The CPPA staff published a ‘Cover Memo’ and presented its proposed budget for the creation of the ‘Deletion Mechanism’ with a request that the board allocate a total budget of $4.4mm for the Deletion Mechanism, with $3.5mm to be funded from the current list of 527 registered data brokers as of the date of the meeting. The Board did not clarify the source of the other $900,000 to be allocated from the overall budget.
In the ‘Cover Memo’ and testimony, the staff presented information that they received as part of a ‘Request for Ideas’ that indicated a range of potential costs for the deletion mechanism from $800,000 to $12,000,000. There were no specific companies identified who submitted these ‘ideas’, nor any technical, operational, or itemized expenditures that explained the variances between these proposals, nor the rationale for why the CPPA staff chose $2.7mm as the budget needed to implement the Deletion Mechanism, plus an additional $384k allocated for the California Department of Technology to manage the project.
In the Cover memo and testimony, the staff presented the need to allocate $1.3mm from the data broker registry fund for three full time staff positions, including positions for an attorney and analyst that appear to be unrelated to implementation of the Deletion Mechanism.
The Staff did not present any budget allocations for new registrants or enforcement actions, and did not indicate whether the approximate $70k received as a result of an enforcement action against 2 data brokers that was approved by the CPPA on November 8th and disclosed on November 14th is included in the $4.4mm total registry fund.
There was a question and answer exchange that inquired about the outcome of any potential surplus funds following implementation of the Deletion Mechanism, yet the CPPA staff's answer vaguely stated “We anticipate being back before the Board this time next year to make an appropriate adjustment based on the revenues we still have”.
In the Cover Memo and testimony, the CPPA staff indicated that they received estimates of between a thousand (1000) to five thousand (5000) potential data brokers that could be registered in 2025, and that potentially eight hundred (800) are currently registered in other states (which exceeds California by more than 250 companies).
Further, In the ‘DROP Proposal’ meeting materials, dated October 4th, the materials indicate that the Procurement Release for the Deletion Mechanism will take place between February - May 2025 and the contract will be approved in early September 2025 with approximately 3 months allocated for ‘Execution of the System’ before the January 1, 2026 implementation date.
With respect to the Data Broker fee increase from $400 to $6600, SB362 Section 1798.99.81(c)requires the CPPA to establish the Data Brokers Registry Fund to offset the “reasonable costs of establishing, maintaining, and providing access to the accessible deletion mechanism described in Section 1798.99.86.”
The $6200 registry fee increase approved by the CPPA Board on November 8th is a sudden, surprising, and significant financial burden on many data brokers, and the materials presented to justify this significant increase were vague ‘guestimates’ with additional unnecessary expenditures that calls into question the ‘reasonableness’ of the approved $4.4mm budget.
Specifically, the Board should re-evaluate the budget allocation based on the following facts:
The Board did not publicly share any details related to the ‘Request for Ideas’, notably why the range of proposals was from $800k-$12mm.
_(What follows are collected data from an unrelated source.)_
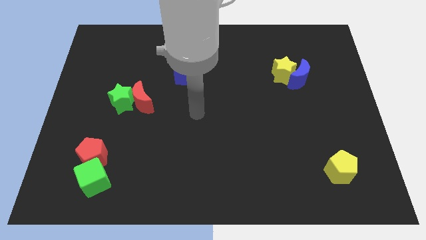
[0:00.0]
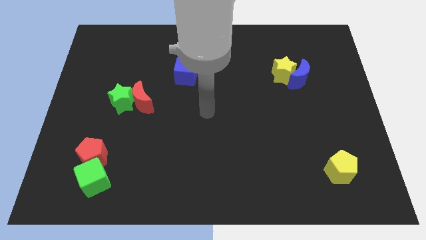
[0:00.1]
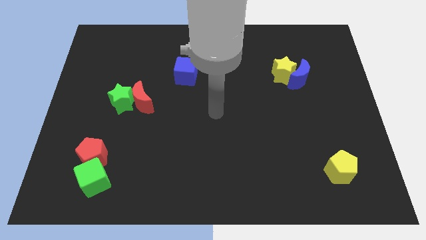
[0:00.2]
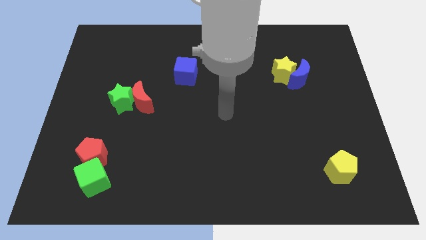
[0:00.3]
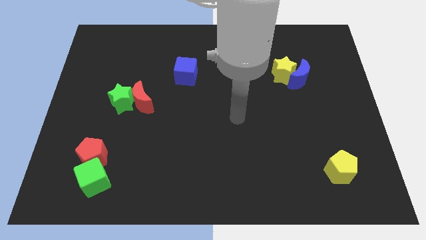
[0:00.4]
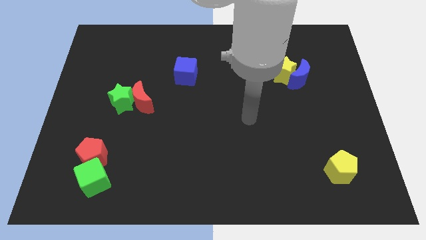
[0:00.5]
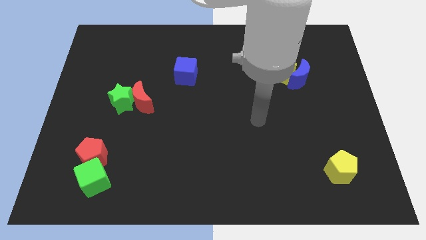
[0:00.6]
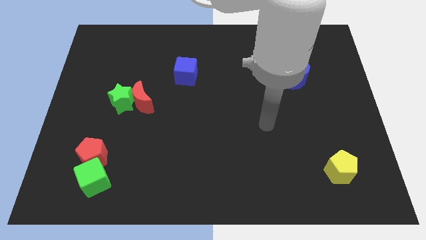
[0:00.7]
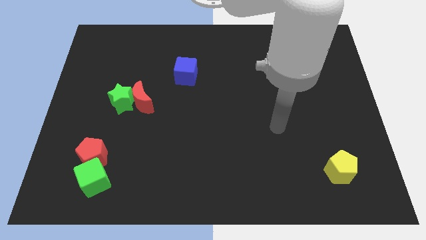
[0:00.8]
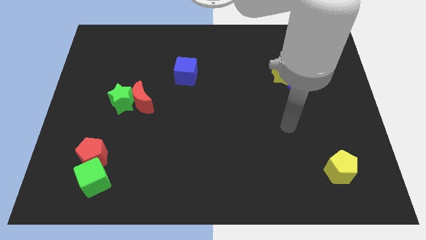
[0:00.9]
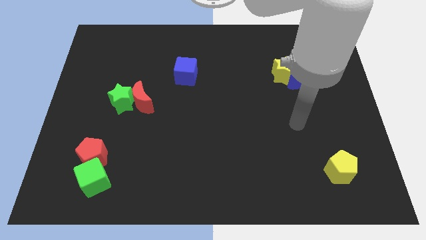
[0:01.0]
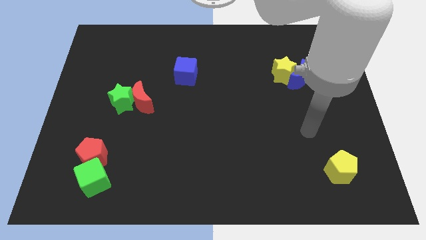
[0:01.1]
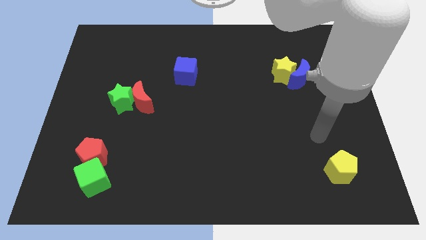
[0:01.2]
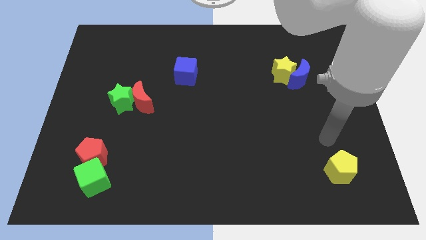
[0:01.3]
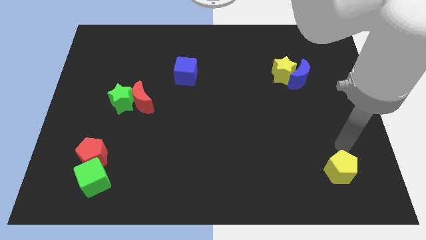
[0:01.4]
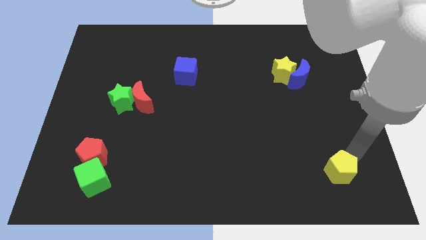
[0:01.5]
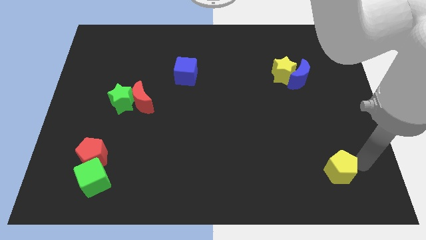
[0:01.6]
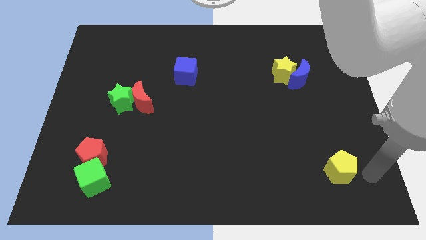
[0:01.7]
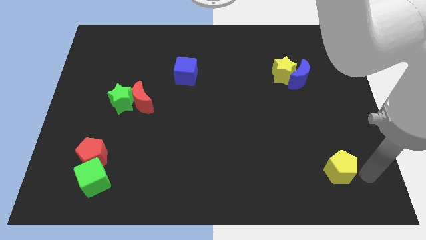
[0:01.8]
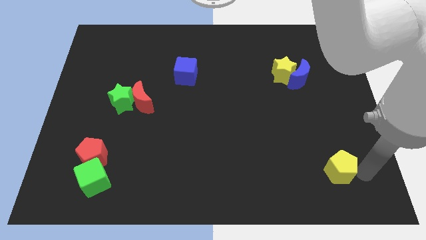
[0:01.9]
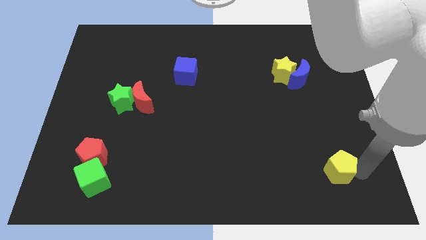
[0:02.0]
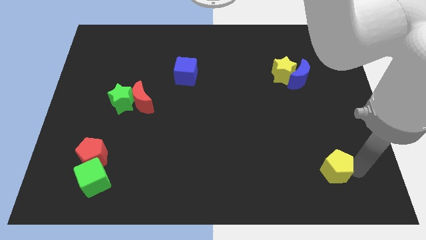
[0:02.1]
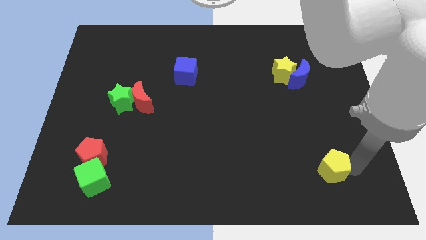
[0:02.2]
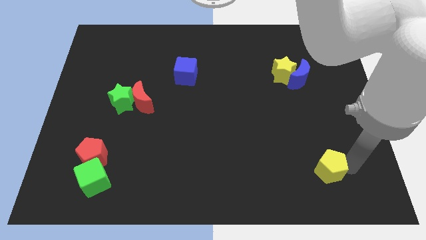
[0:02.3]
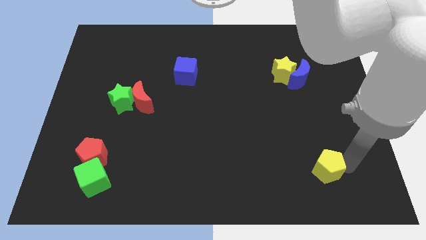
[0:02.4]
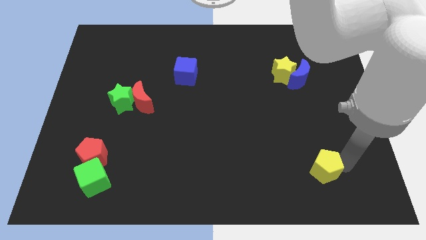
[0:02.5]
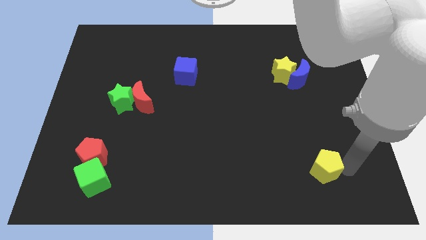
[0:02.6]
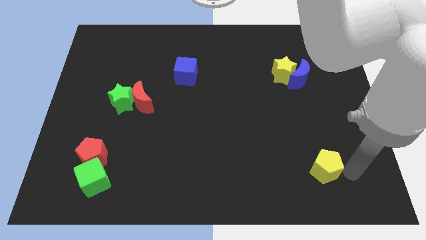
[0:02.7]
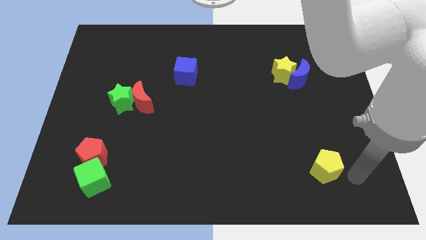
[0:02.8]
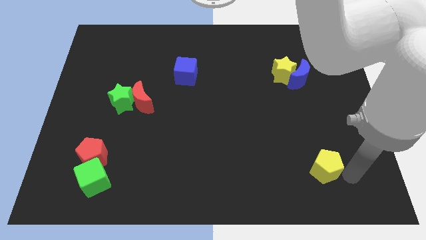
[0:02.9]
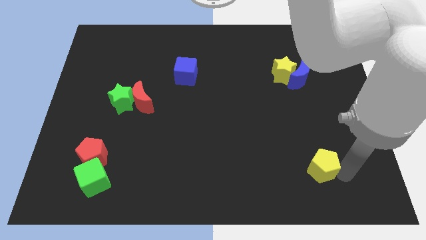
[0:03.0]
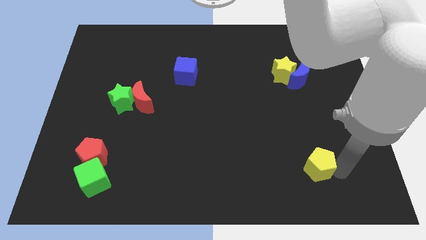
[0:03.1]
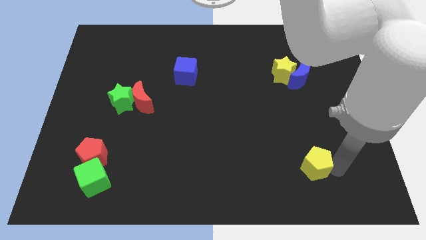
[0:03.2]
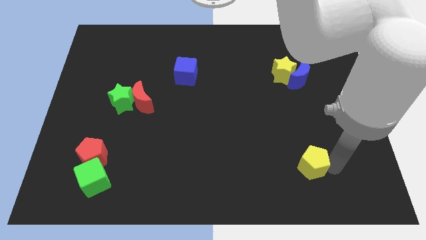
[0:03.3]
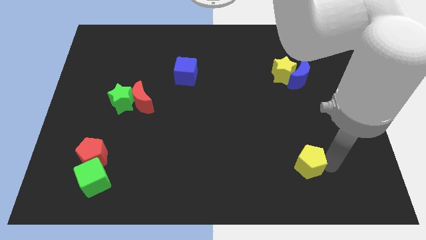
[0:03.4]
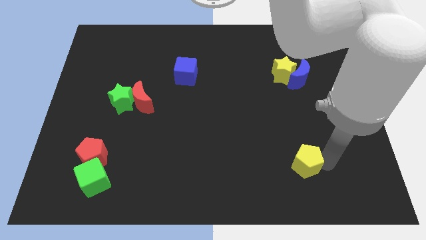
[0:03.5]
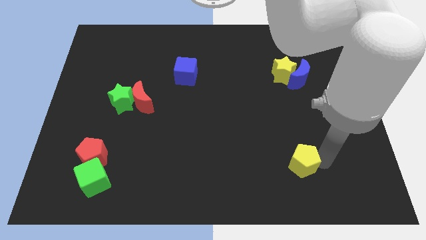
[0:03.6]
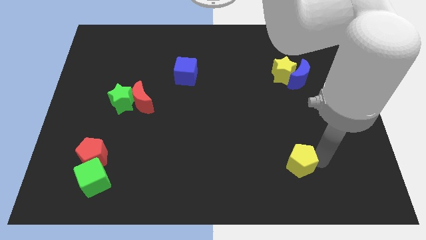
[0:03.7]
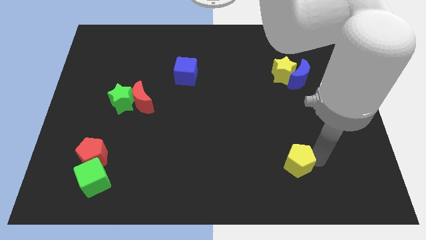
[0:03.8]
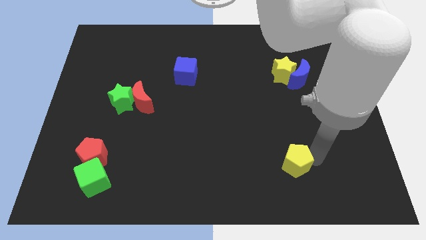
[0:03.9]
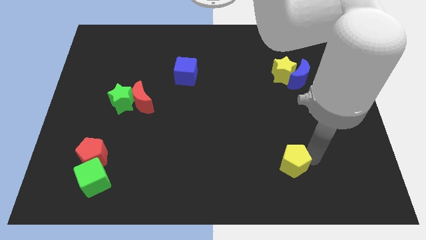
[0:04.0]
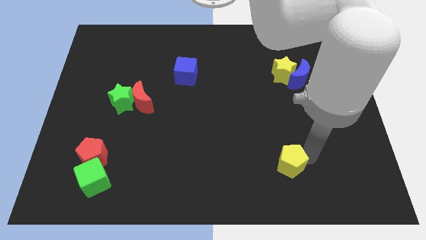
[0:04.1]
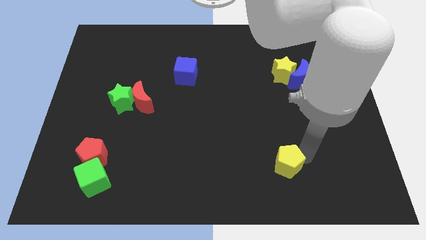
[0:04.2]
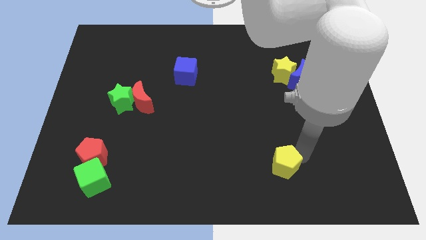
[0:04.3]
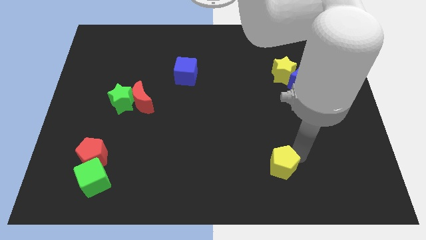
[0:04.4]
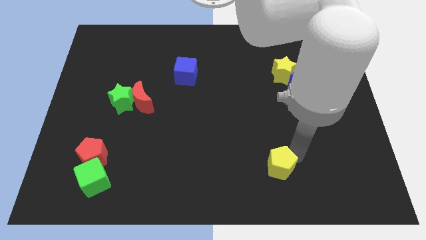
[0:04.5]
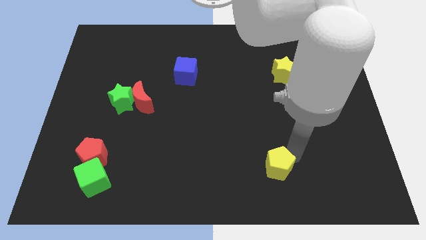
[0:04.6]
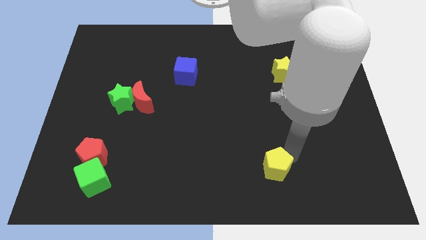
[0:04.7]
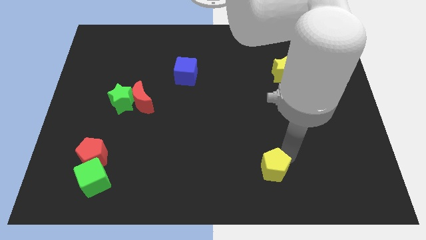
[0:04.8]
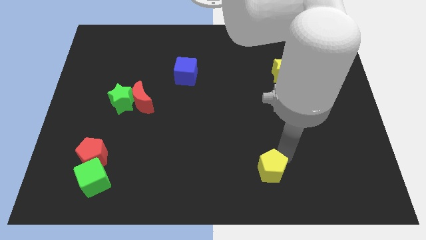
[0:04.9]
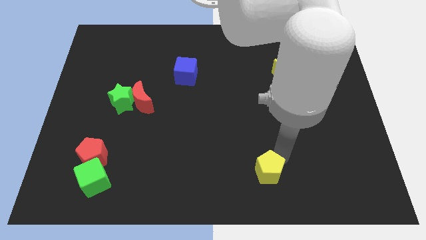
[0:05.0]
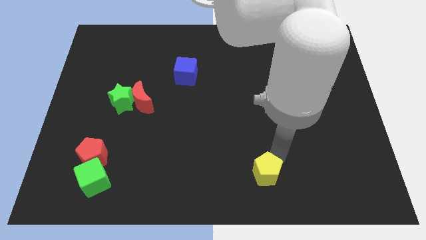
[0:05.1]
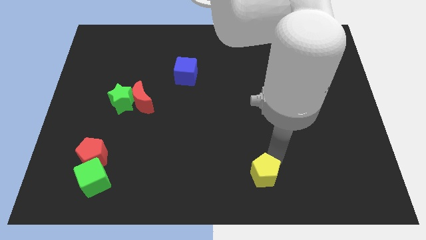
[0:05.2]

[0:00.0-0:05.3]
slide the yellow pentagon to the bottom side

There was no reference to the names or nature of the businesses they solicited and their capabilities to undertake the proposed engagement, the feasibility of their proposals, the technologies utilized, or the operational budget requirements. As a result, there is no way for potential vendors or interested parties to evaluate the feasibility of the proposed budget or to prepare to bid on the ‘Request for Proposals’ as part of the future Procurement process.
The $1.3mm allocated for the ‘Deletion Mechanism’ staff includes two non-technical positions, including a full time attorney, without specific justification for why such positions are necessary to ‘establish, maintain or provide access’ to the Deletion Mechanism.
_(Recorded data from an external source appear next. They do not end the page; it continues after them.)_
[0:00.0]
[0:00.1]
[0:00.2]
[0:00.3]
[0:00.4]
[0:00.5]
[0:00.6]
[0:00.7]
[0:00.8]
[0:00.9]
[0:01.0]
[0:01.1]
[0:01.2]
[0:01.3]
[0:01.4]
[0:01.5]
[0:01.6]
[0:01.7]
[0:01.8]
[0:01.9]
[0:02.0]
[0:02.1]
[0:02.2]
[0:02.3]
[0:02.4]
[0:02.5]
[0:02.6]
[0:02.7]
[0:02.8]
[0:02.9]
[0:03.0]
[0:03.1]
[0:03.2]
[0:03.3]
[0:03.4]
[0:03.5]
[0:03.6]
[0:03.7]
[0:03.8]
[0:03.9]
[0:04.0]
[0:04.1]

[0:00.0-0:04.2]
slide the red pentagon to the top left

The Board should publicly state whether the final vendor award will be based on a ‘lowest responsible’, ‘lowest qualified responsible’, or ‘highest scored responsible’ bidder as defined by CA standards. If the CPPA receives a proposal by a credible vendor that meets all of the criteria specified, then the CPPA should be required to accept a ‘lowest responsible’ proposal.
The CPPA has not publicly specified how a budget surplus associated with either an increase in the number of data broker registrations in January 2025, or if a less expensive vendor is selected to create the Deletion Mechanism, will be allocated. The lack of specificity in the CPPA staff response to this question on November 8th was insufficient to substantiate the ‘reasonableness’ of the allocated budget and the question of the use of surplus funds and must be specified. Any budget surplus based on collected registration fees should be returned pro-rata to the registered data brokers who are funding the creation of the Deletion Mechanism rather than carried over as a ‘subsidy award’ to 2026 data broker registrants.
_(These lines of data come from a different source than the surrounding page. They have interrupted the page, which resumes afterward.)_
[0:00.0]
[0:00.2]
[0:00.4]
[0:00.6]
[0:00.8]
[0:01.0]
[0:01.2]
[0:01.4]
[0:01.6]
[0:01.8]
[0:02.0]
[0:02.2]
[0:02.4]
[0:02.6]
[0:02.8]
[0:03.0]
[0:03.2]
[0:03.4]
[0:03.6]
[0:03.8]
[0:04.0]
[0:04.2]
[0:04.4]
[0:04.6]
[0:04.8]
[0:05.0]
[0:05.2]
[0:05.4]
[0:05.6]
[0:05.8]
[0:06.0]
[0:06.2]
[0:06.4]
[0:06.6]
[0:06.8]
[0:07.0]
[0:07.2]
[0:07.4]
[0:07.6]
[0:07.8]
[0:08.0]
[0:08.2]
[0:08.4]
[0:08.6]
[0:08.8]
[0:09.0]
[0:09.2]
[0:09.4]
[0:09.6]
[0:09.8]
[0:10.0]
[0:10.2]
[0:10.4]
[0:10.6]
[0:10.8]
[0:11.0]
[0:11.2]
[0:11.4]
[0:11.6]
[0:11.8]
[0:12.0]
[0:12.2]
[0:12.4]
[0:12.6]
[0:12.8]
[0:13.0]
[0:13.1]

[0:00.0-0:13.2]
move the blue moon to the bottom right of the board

Further, the CPPA provided no indication what would occur in the event that fewer than 527 data brokers complete their registration by January 31st and there is a budget deficit.
Based on this information, I am requesting that the CPPA Board schedule a meeting before January 1st and vote on the following courses of action:
Maintain the existing $400 data broker registration renewal, and issue a special assessment of the registered data brokers following completion of the Procurement Release based on a ‘lowest responsible’ acceptance criteria for selection of the Deletion Mechanism vendor.
Alternatively, the Board could place all registration fees and enforcement revenue into an escrow account to be used for necessary Deletion Mechanism expenditures, and return any budget surplus funds pro rata to data brokers before establishing a new fee structure for the 2026 calendar year.
Finally, the Board should open a request for comments about 2026 alternative registry fee structures and Deletion Mechanism revenue options that would alleviate the ‘unreasonable’ burden on small businesses, such as tiered fee levels based on annual revenue or California data sales revenue, as well as consideration for additional revenue streams such as the creation of a real-time application programming interface (API) or other custom integrations that could incur additional fees by interested parties.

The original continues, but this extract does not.